17
votes

Is there is a way to get the predictions from every tree in a random forest in addition to the combined prediction? I would like to output all of the predictions in a list and not view the entire tree. I know that I can get the leaf indices using the apply method, but I'm not sure how to use that to get the value from the leaf.

Edit: Here's what I have so far from comments below. It wasn't clear to me before that the trees in the estimators_ attribute could be called, but it seems that the predict method can be used on each tree using that attribute. Is this the best way to do this, though?

numberTrees = 100
clf = RandomForestRegressor(n_estimators=numberTrees)
clf.fit(X,Y)
for tree in range(numberTrees):
    print(clf.estimators_[tree].predict(val.irow(1)))
4
+1 – You can also do the same thing quite nicely with list comprehension: per_tree_pred = [tree.predict(X) for tree in clf.estimators_]Bill Cheatham
If you want to match the parallel jobs behavior of the model, just copy the source code for predict and leave off the last step where the predictions are averaged!Matt Hancock

4 Answers

4
votes

I'm pretty sure that what you have up there is about the best you can do. As you noted, predict() returns the prediction for the whole RF, but not for its component trees. It can return a matrix, but that's only for the case where there are multiple targets being learned together. In that case it returns one prediction per target, it doesn't return predictions for each tree. You can get the individual tree predictions in R's random forest using predict.all = True, but sklearn doesn't have that. If you tried using apply(), you'd get a matrix of leaf indices, and then you'd still have to iterate over the trees to find out what the prediction for that tree/leaf combination was. So I think what you have is about as good as it gets.

1
votes

I had the same issue and I don't know how you got the right answer by using print(clf.estimators_[tree].predict(val.irow(1))). It gave me random numbers instead of the actual class. After reading the source code in SKlearn, I realized that we actually have to use predict_proba() instead of predict in the code and it gives you the class that the tree predicts according to the order in clf.classes_. For example:

tree_num = 2
tree_pred = clf.estimators_[tree_num].predict_proba(data_test)
print clf.classes_  #gives you the order of the classes
print tree_pred  #gives you an array of 0 with the predicted class as 1
>>> ['class1','class2','class3']
>>> [0, 1, 0]

You can also use cls.predict_proba() on your data and it gives you the probability of each class prediction by the accumulation of trees and releases you from the pain of going through each tree yourself:

x = clf.predict_proba(data_test) # assume data_test has two instances
print rfc.classes_
print x
>>> ['class1', 'class2', 'class3']
>>> [[0.12 ,  0.02,  0.86], # probabilities for the first instance
     [0.35 ,  0.01,  0.64]]  # for the second instance
0
votes

What I have done recently is modify sklearn source code to get it. Inside sklearn package sklearn.ensemble.Randomforestregressor

There is a function that if you add print you will see the individual results of each tree. You could change this to be a return and get the individual results of each tree.
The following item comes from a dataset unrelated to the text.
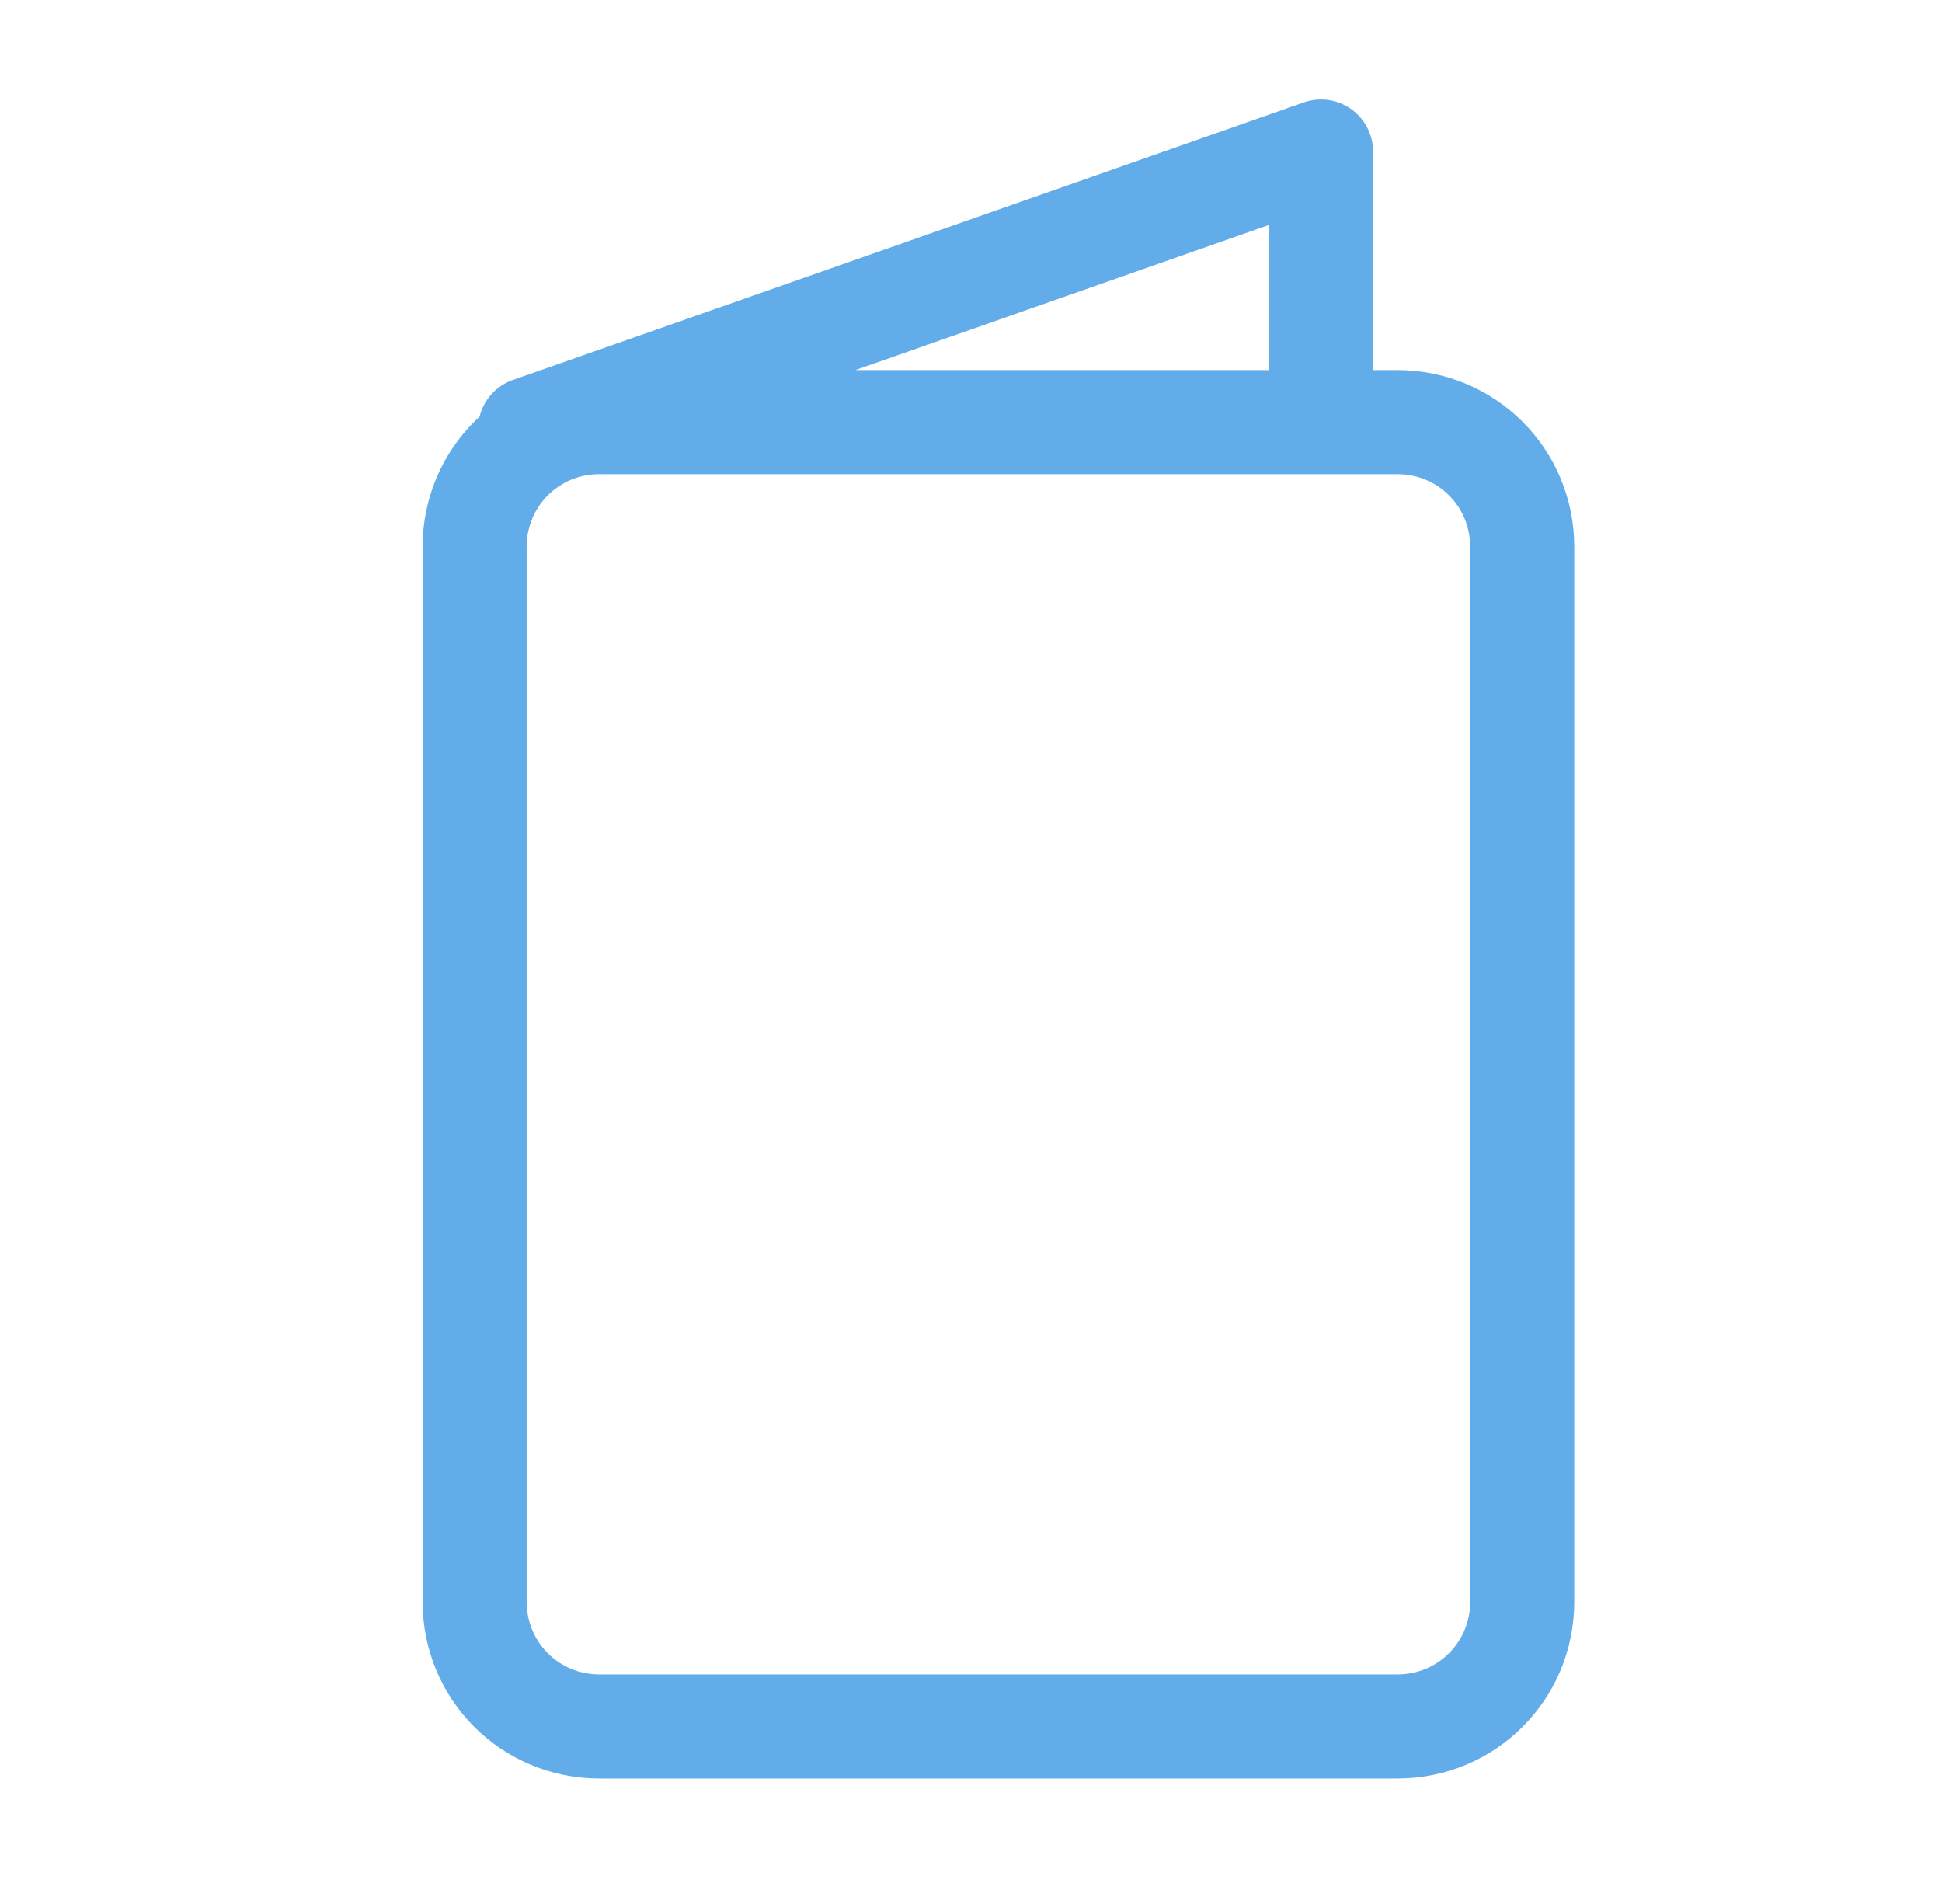 <svg width="51" height="50" viewBox="0 0 51 50" fill="none" xmlns="http://www.w3.org/2000/svg">
<path d="M34.692 10.902V3.979L13.921 11.267M36.696 45.338H15.743C13.921 45.338 12.464 43.881 12.464 42.059V14.364C12.464 12.542 13.921 11.085 15.743 11.085H36.696C38.518 11.085 39.976 12.542 39.976 14.364V42.059C39.976 43.881 38.518 45.338 36.696 45.338Z" stroke="#61ACE9" stroke-width="2.733" stroke-miterlimit="10" stroke-linecap="round" stroke-linejoin="round"/>
</svg>

def _accumulate_prediction(predict, X, out, lock):
    """
    This is a utility function for joblib's Parallel.

    It can't go locally in ForestClassifier or ForestRegressor, because joblib
    complains that it cannot pickle it when placed there.
    """
    prediction = predict(X, check_input=False)
    print(prediction)
    with lock:
        if len(out) == 1:
            out[0] += prediction
        else:
            for i in range(len(out)):
                out[i] += prediction[i]

This is a bit more sophisticated since you have to modify the sklearn source code

-1
votes

I am not 100% sure what you exactly want, but there are other some methods in Scikit-learns Random Forest Regressor that will most likely return what you want, specifically the predict method! This method returns an array of the predicted values. What you were referring to about getting the mean is the score method, which simply uses the predict method to return the coefficient of the R squared determinant.